La independencia del dominio español no nos puso a salvo de la demencia. El general Antonio López de Santana, que fue tres veces dictador de México, hizo enterrar con funerales magníficos la pierna derecha que había perdido en la llamada Guerra de los Pasteles. El general García Moreno gobernó al Ecuador durante 16 años como un monarca absoluto, y su cadáver fue velado con su uniforme de gala y su coraza de condecoraciones sentado en la silla presidencial. El general Maximiliano Hernández Martínez, el déspota teósofo de El Salvador que hizo exterminar en una matanza bárbara a 30 mil campesinos, había inventado un péndulo para averiguar si los alimentos estaban envenenados, e hizo cubrir con papel rojo el alumbrado público para combatir una epidemia de escarlatina. El monumento al general Francisco Morazán, erigido en la plaza mayor de Tegucigalpa, es en realidad una estatua del mariscal Ney comprada en París en un depósito de esculturas usadas.
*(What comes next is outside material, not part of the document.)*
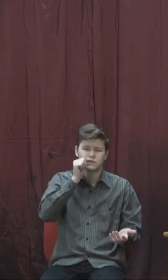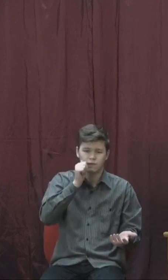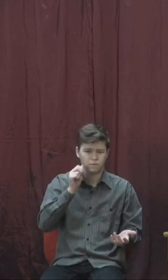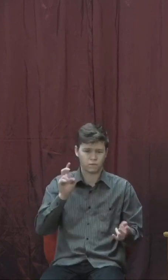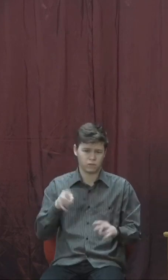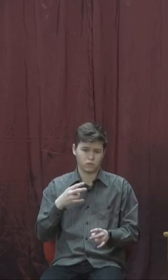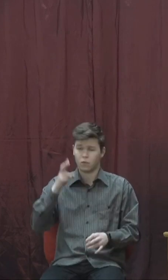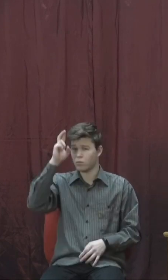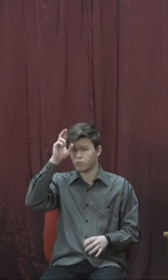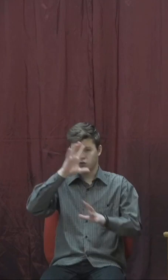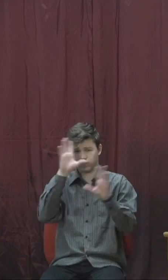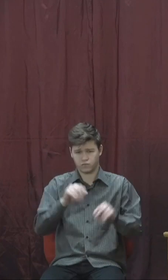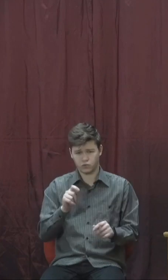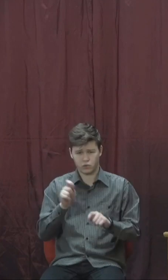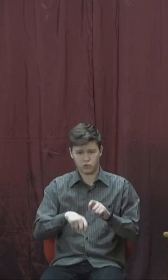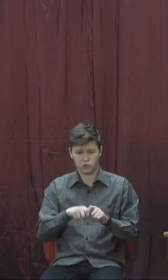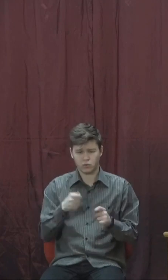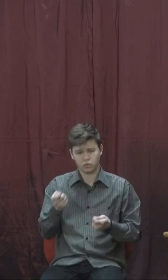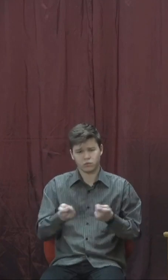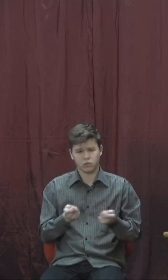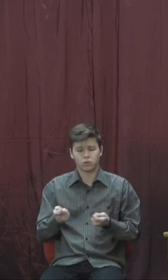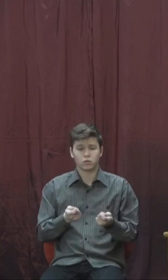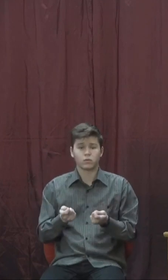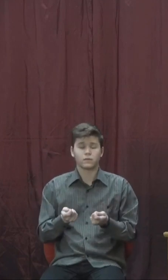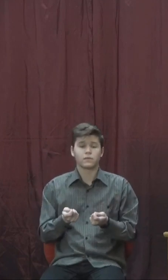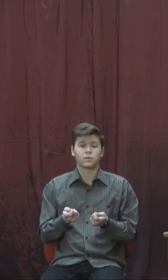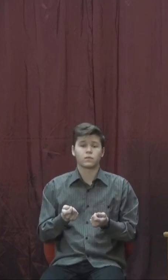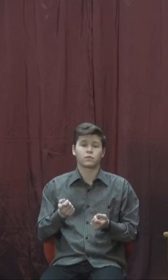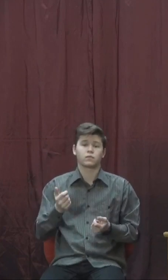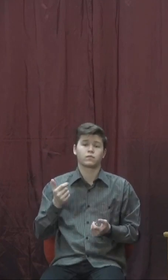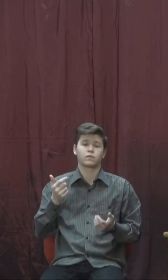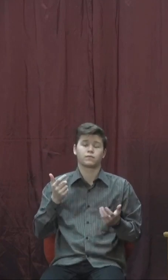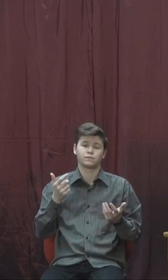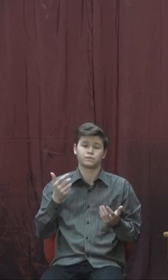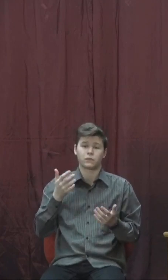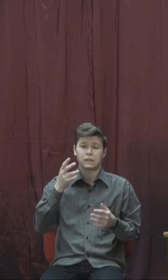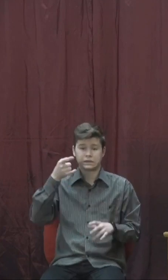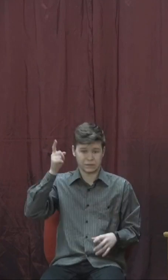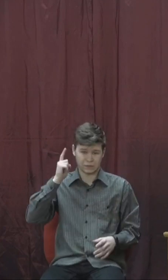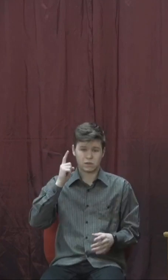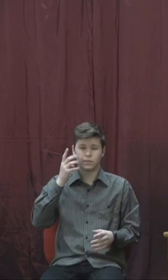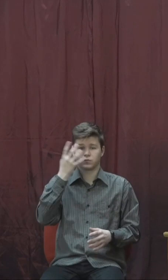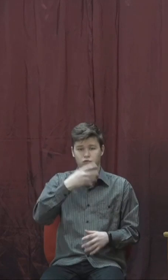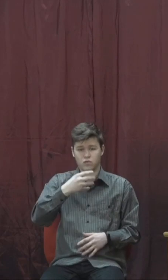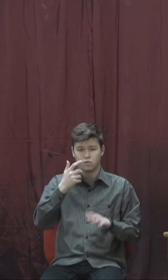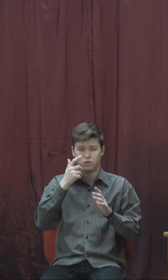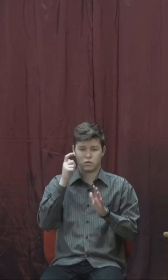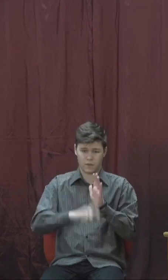контролюються Богу. І хочу, як висновок, відкрити книгу пророка Ісаїї, 40-й розділ.

Hace once años, uno de los poetas insignes de nuestro tiempo, el chileno Pablo Neruda, iluminó este ámbito con su palabra. En las buenas conciencias de Europa, y a veces también en las malas, han irrumpido desde entonces con más ímpetus que nunca las noticias fantasmales de la América Latina, esa patria inmensa de hombres alucinados y mujeres históricas, cuya terquedad sin fin se confunde con la leyenda. No hemos tenido un instante de sosiego. Un presidente prometeico atrincherado en su palacio en llamas murió peleando solo contra todo un ejército, y dos desastres aéreos sospechosos y nunca esclarecidos segaron la vida de otro de corazón generoso, y la de un militar demócrata que había restaurado la dignidad de su pueblo. En este lapso ha habido 5 guerras y 17 golpes de estado, y surgió un dictador luciferino que en el nombre de Dios lleva a cabo el primer etnocidio de América Latina en nuestro tiempo. Mientras tanto 20 millones de niños latinoamericanos morían antes de cumplir dos años, que son más de cuantos han nacido en Europa occidental desde 1970. Los desaparecidos por motivos de la represión son casi los 120 mil, que es como si hoy no se supiera dónde están todos los habitantes de la ciudad de Upsala. Numerosas mujeres arrestadas encintas dieron a luz en cárceles argentinas, pero aún se ignora el paradero y la identidad de sus hijos, que fueron dados en adopción clandestina o internados en orfanatos por las autoridades militares. Por no querer que las cosas siguieran así han muerto cerca de 200 mil mujeres y hombres en todo el continente, y más de 100 mil perecieron en tres pequeños y voluntariosos países de la América Central, Nicaragua, El Salvador y Guatemala. Si esto fuera en los Estados Unidos, la cifra proporcional sería de un millón 600 mil muertes violentas en cuatro años.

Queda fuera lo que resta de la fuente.